Swell has the best price for a single with free next day delivery. I have sent Clive a message to see what he reckons as he knows so much. Are you running pressurised co2, as I'm not and that was one of my concerns about running two strips that I wouldn't be able to keep up with the demands of the plants even with a dimmer. I like the mms mounting system and the T5 adaptors but unfortunately I don't have space for them.


----------



## Philip (18 Feb 2014)

I'm not runnning CO2 at the moment, the tank still isn't running as I'm waiting for everything to trickle in prior to planting, and I'm running my filter in on my old tank to get it matured prior to running a new tank.

I plan to get a CO2 system on the go at some point, my partner's uncle owns a fabrication shop so I should be able to get a bottle with relative ease!

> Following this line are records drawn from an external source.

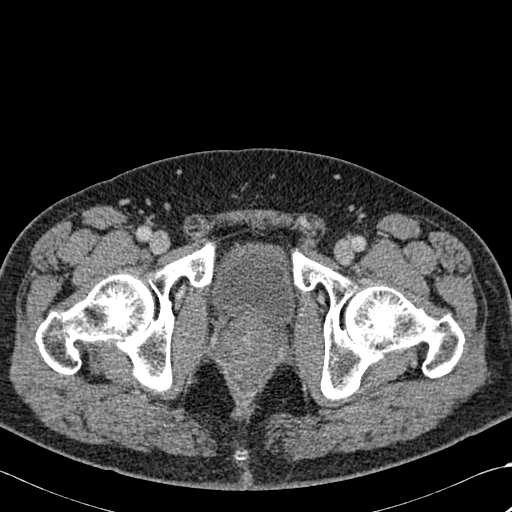

Computed tomography; 512x512 px
Bone — {"x1": 292, "y1": 252, "x2": 464, "y2": 399}, {"x1": 35, "y1": 243, "x2": 214, "y2": 391}.
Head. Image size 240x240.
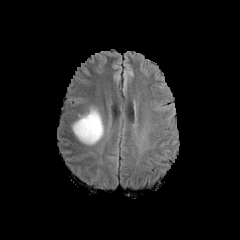
FLAIR MR image.
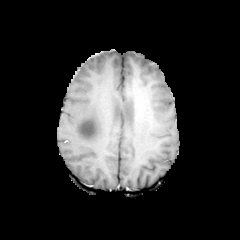
T1-weighted MR image of the same slice.
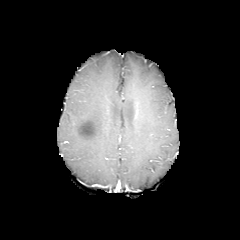
Post-contrast T1-weighted magnetic resonance.
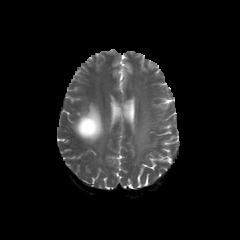
T2-weighted MR.
Edema: bounding box 71,105,105,144.
Non-enhancing tumor core: bounding box 82,123,93,134.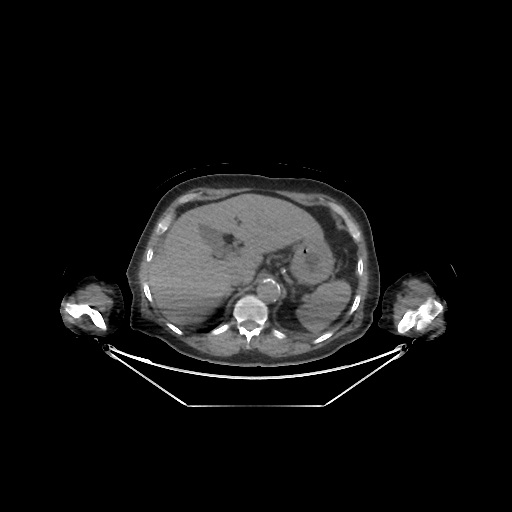 CT scan slice, Upper abdomen
<segmentation>
  <lung>(196, 318, 221, 332)</lung>
  <liver>(147, 194, 322, 324)</liver>
  <bone>(351, 295, 359, 312), (315, 333, 331, 342), (167, 324, 181, 333), (234, 296, 266, 342), (358, 260, 362, 274), (398, 299, 442, 332), (147, 249, 152, 261), (157, 223, 166, 231), (65, 303, 105, 329), (144, 283, 151, 300), (274, 331, 284, 337), (212, 325, 227, 334)</bone>
</segmentation>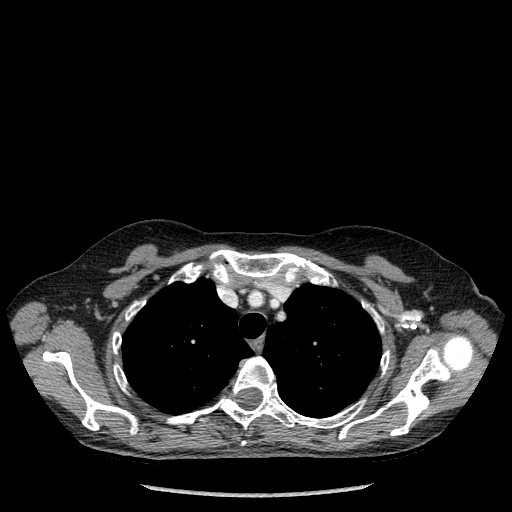 CT image
- bone: box=[169, 263, 202, 283]; box=[167, 335, 474, 439]; box=[112, 331, 121, 354]; box=[113, 364, 127, 392]; box=[42, 350, 137, 434]; box=[125, 300, 145, 320]; box=[362, 302, 384, 332]; box=[380, 350, 389, 375]; box=[210, 249, 330, 289]
- lung: box=[263, 284, 381, 417]; box=[122, 278, 265, 413]

This Trigon is my first proper attempt at a full on planted tank, I have my EI ferts ready to go but I suspect you'll be on the money with regards to CO2 demands with that much light! If I get the tank up and running prior to my CO2 system then I'll see how the plants react and drop down to a single unit / dim even further if need be!


----------



## simon_pedley (18 Feb 2014)

After further deliberation and discussions with Clive and Ian I have decided to get the twin, as it allows more future flexibility. The code you gave me made it £10 cheaper than last time!! £125 plus free next day delivery - bargain. 
I have finished making the new lid out of some old soffit board so I just need to wait for the connectors to arrive so I can make the rails for the lights. Once I have seen the connectors on the lights I can buy the dimmer switches if they will fit. What oem controller did your buy?


----------



## Philip (20 Feb 2014)

Nice one, glad it helped! I was chuffed with such a good deal on them too.

I got a twin-channel off of eBay for a reasonable price. Set it up last night and dimmed the beams to 50% which I think is more than enough for a non-CO2 Tank at the moment. My tank still isn't set up as I'm awaiting to get a bit of feature wood so I can get the whole thing planted up! Need to pull my finger out and get something ordered!


----------



## simon_pedley (20 Feb 2014)

Yeah they are very nice lights. That dimmer on eBay only has an output voltage of 12v, but the power supply has an output voltage if 19.5v so I don't think they will be suitable. Dad is going to investigate. The controller you bought was it a tmc one, or a generic one?  Was there more available? In the meantime I will just reduce the time the lights are on for / run one strip.


----------



## Philip (20 Feb 2014)

Ah that's a bummer, they'd have been a nice cheap alternative!

I got a TMC unit, luckily it was advertised as 'aquarium lighting' so I only ended up bidding against 1 person and nabbed it for £45. There seems to be a couple units on all the time and they seem to end around £45-55!


----------



## simon_pedley (20 Feb 2014)

I will have to keep my eye out for one


----------



## simon_pedley (21 Feb 2014)

Problem solved, got a tmc controller off eBay for £50.


----------